* WHAT THIS TASK INVOLVES *
Each line in the material below must be transcribed exactly; no picture belongs in the copy.
[RECORDS FOR PROCESSING]
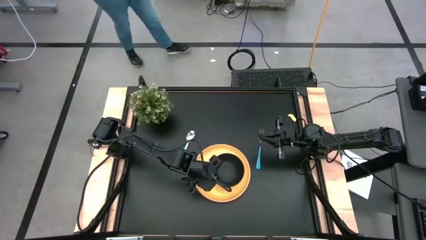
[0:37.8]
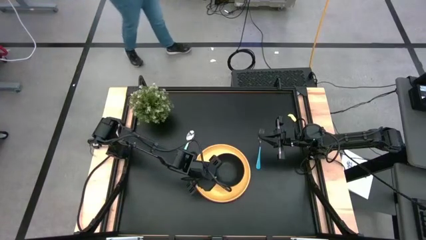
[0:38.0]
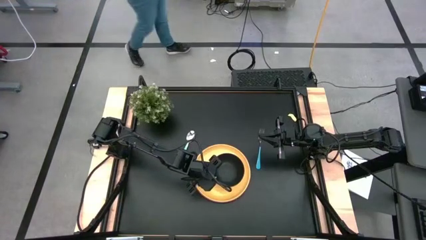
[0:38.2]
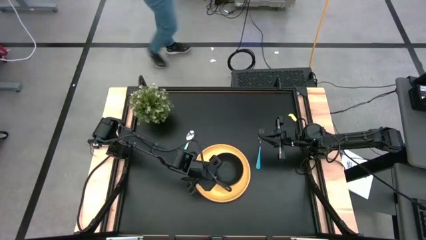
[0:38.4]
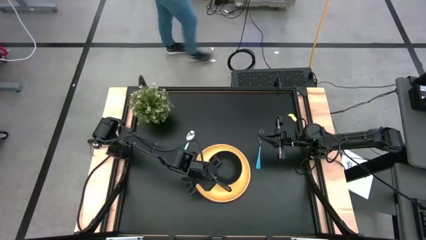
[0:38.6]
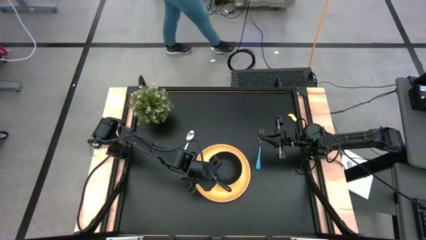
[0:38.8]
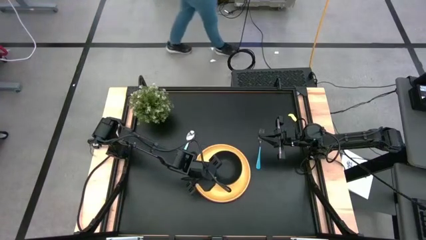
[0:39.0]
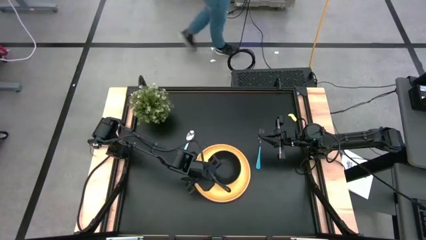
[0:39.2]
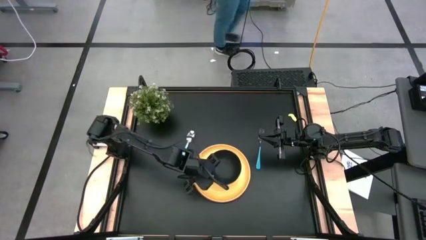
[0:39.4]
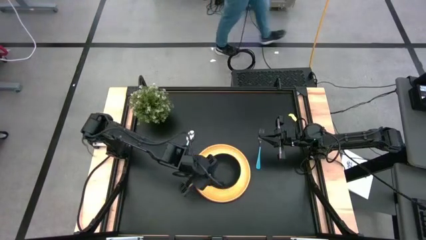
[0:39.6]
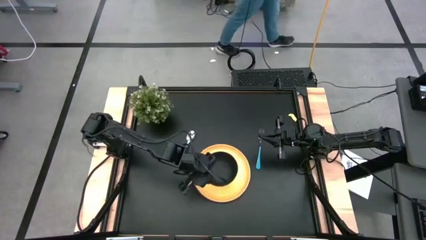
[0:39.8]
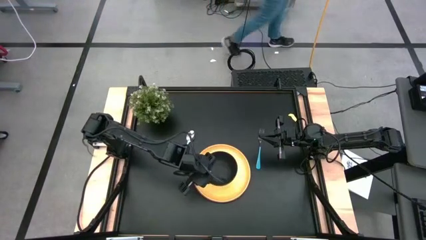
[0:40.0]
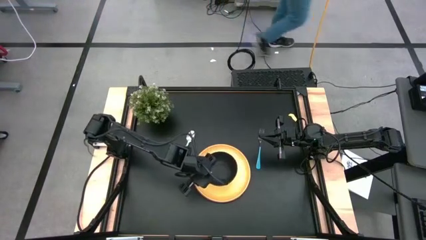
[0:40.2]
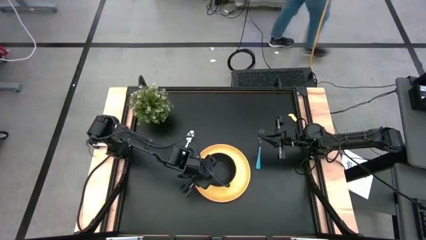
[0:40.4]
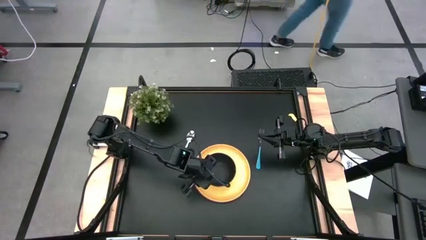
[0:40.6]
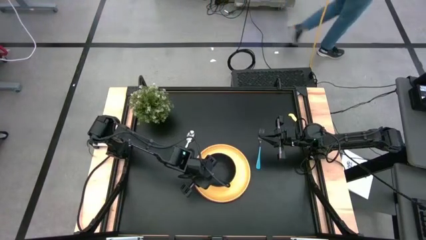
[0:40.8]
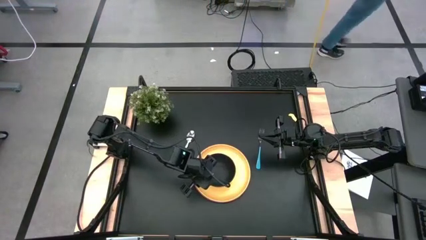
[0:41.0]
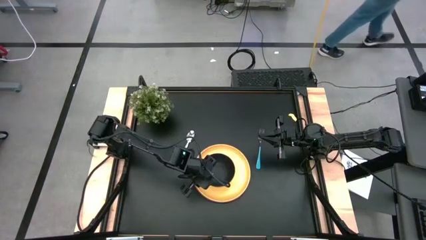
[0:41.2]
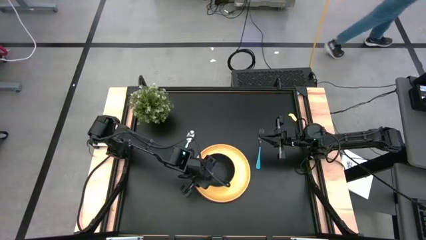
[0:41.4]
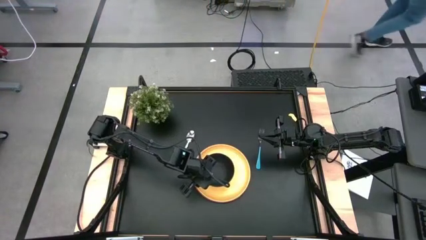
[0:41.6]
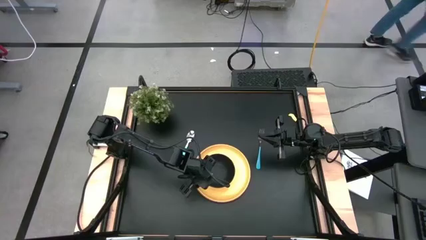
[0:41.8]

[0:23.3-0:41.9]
[/RECORDS FOR PROCESSING]
* RESPONSE BELOW *
[0:37.8]
[0:38.0]
[0:38.2]
[0:38.4]
[0:38.6]
[0:38.8]
[0:39.0]
[0:39.2]
[0:39.4]
[0:39.6]
[0:39.8]
[0:40.0]
[0:40.2]
[0:40.4]
[0:40.6]
[0:40.8]
[0:41.0]
[0:41.2]
[0:41.4]
[0:41.6]
[0:41.8]

[0:23.3-0:41.9]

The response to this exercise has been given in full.